The Twi'lek's fist released, fingers spanning out in invisible attack. I skidded mid-sprint, glancing back wildly to Jen, praying she had guarded her back against an ally that everyone else had doubted-

She did not fall. She did not stand. She did not turn around to face us.

Whatever Yudan Rosh had attempted, it did not work.

"Stasis, Yudan?" Jen Sahara's voice was naught more than a murmur, deep and throaty like the purr of a rancor. "I expected a lightsaber in the back."

Inaction held me still; I no longer knew if I should go to Jen, or stride forward to knock the duplicitous Twi'lek flat.

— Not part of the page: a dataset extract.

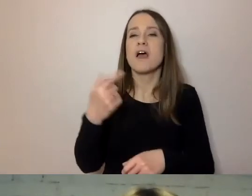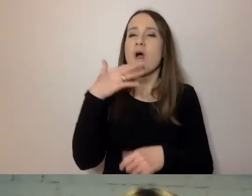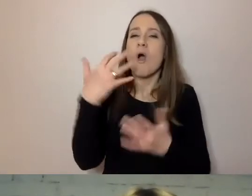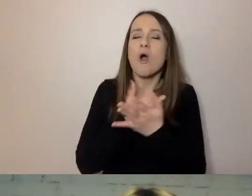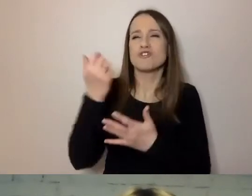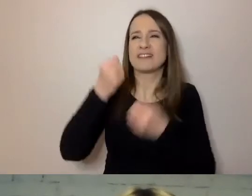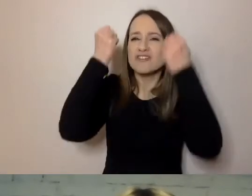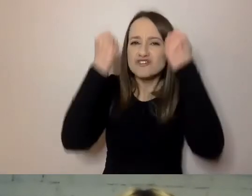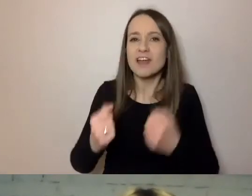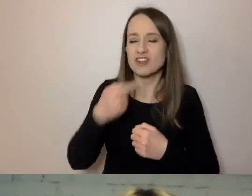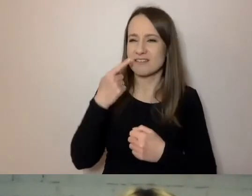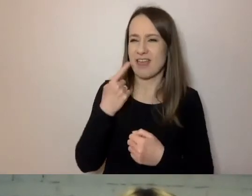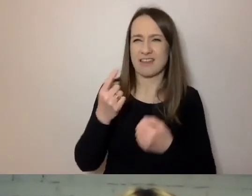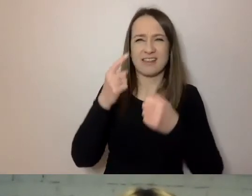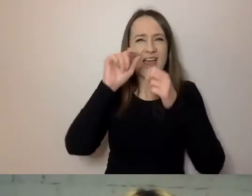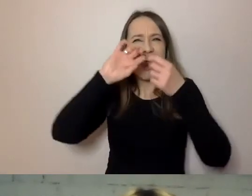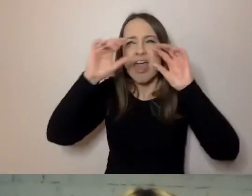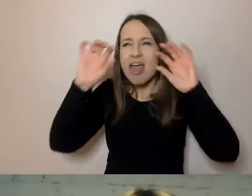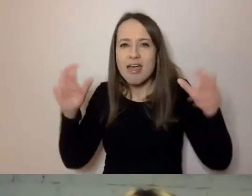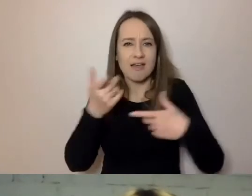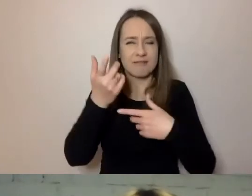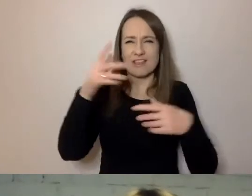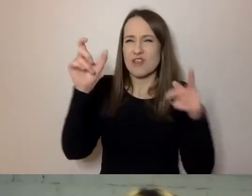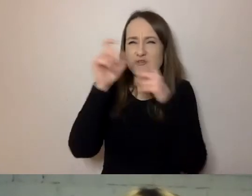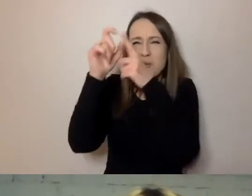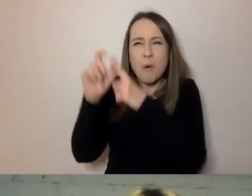Skomplikowanym, pełnym niepotrzebnych słów.
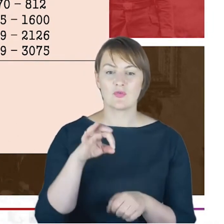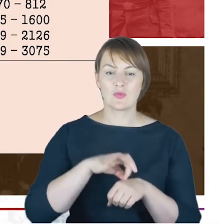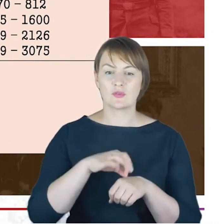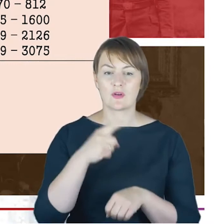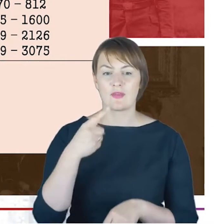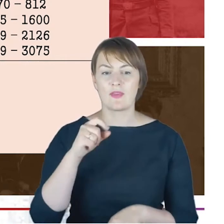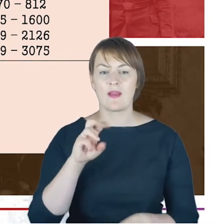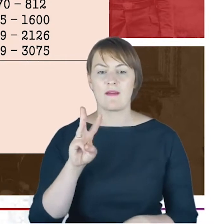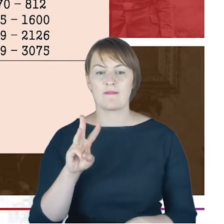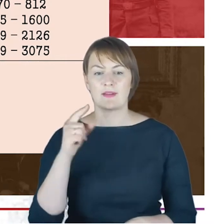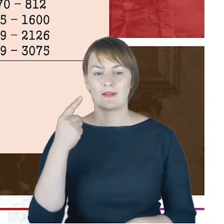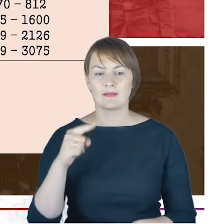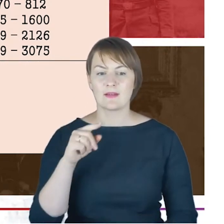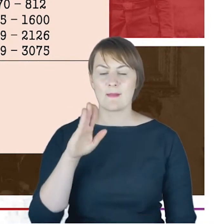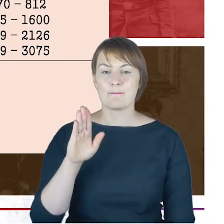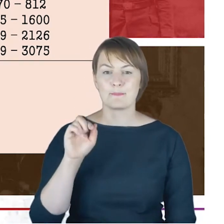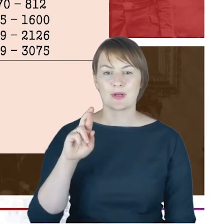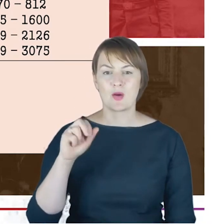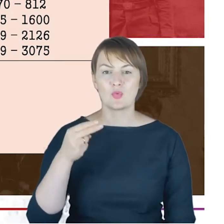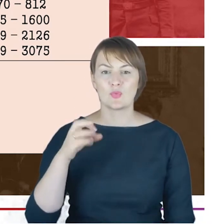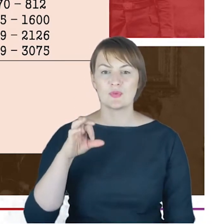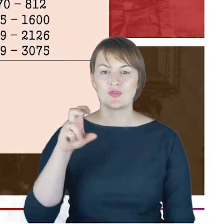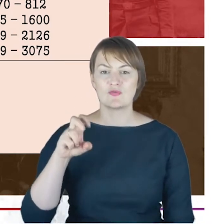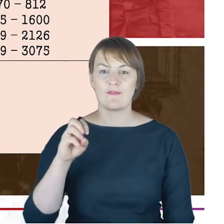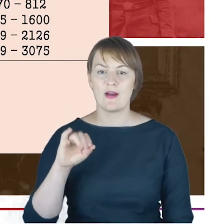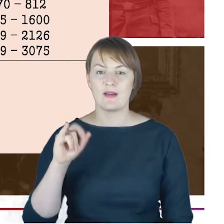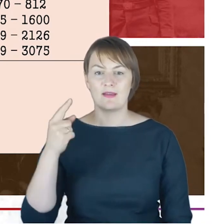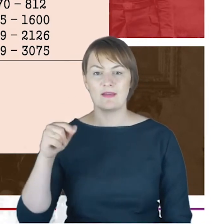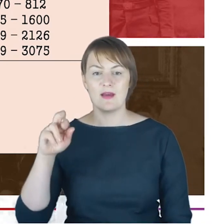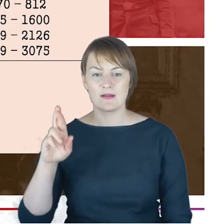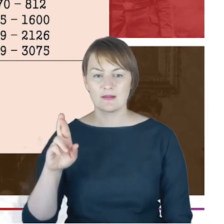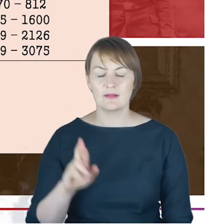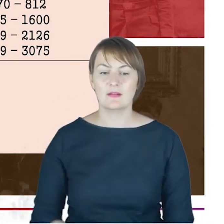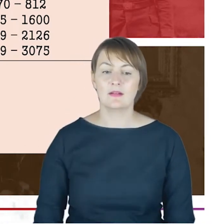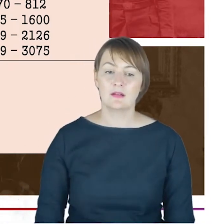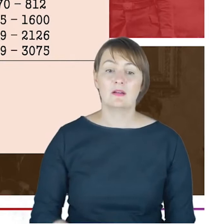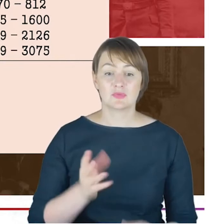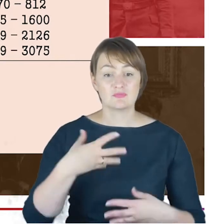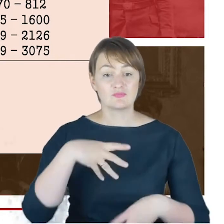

"I will not allow you to fall again, Revan." Yudan's voice had lowered just like hers, but when I looked to him, I saw the palpable cast of defeat cross his face. His outraised limb shook, clenched, and then fell down to grasp his lightsaber.

Perhaps we fought for Jen in our own way, but Yudan Rosh could not win. Not like this. All he would accomplish would be to further damn the woman we both swore to follow.

"I know," Jen whispered.

Like a loose vine swinging back and forth in the depths of darkness, I once more stared uselessly at her bowed figure.

Further ahead, Bastila Shan had whirled around, flurries of dark material spinning around her like a wyyyschokk's web. Her skin was chalk-white, and her eyes blazed with the foreign hue of corruption I had seen in the alien irises of Yudan Rosh. Bastila Shan had always been lithe for a Human, but the woman in front of us now bordered on skeletal.

Bastila's mouth tightened.

"Revan. We have spoken enough," Bastila clipped out. Her foreign accent was as crisp as I recalled, yet there was a hardness to it that was unfamiliar. "You must deal with your… your allies, and then face Malak alone. I cannot follow. From a distance I shall lend you my strength, all that we have together, and he shall be defeated."

I stepped forward.

"(Do not turn against her, Yudan Rosh)," I rumbled in the softest whisper I could muster. I took another stride, allowing the man the advantage of my back as I focused only on Jen. "(Honour can come after dishonour. Jen Sahara taught me that. Strength after corruption. Have faith in her, as she does in you)."

"Revan," Bastila prompted again, this time in overt irritation. "You understand enough. Your old general just assaulted you. We cannot accommodate unnecessary sentiment – not even yours."

"(Jen)." I was near her, now. I could see my own breath puff in the arctic air. Around her, the obsidian flickers held steady, like an encircling wreath of death. "(Please. This is not the way)."

But what words did I have to offer? Nothing more than the simple, stark utterances of a sentient that had no comprehension of the struggles one like her faced. All I had was a Wookiee's understanding of right from wrong.

Jen Sahara did not answer.

Bastila was glaring at me, now, as I stepped around to face Jen.

"I shall abide no interference, Wookiee," Bastila snapped. "Abide by the terms of your life-debt to Revan and obey our will, or face the consequences."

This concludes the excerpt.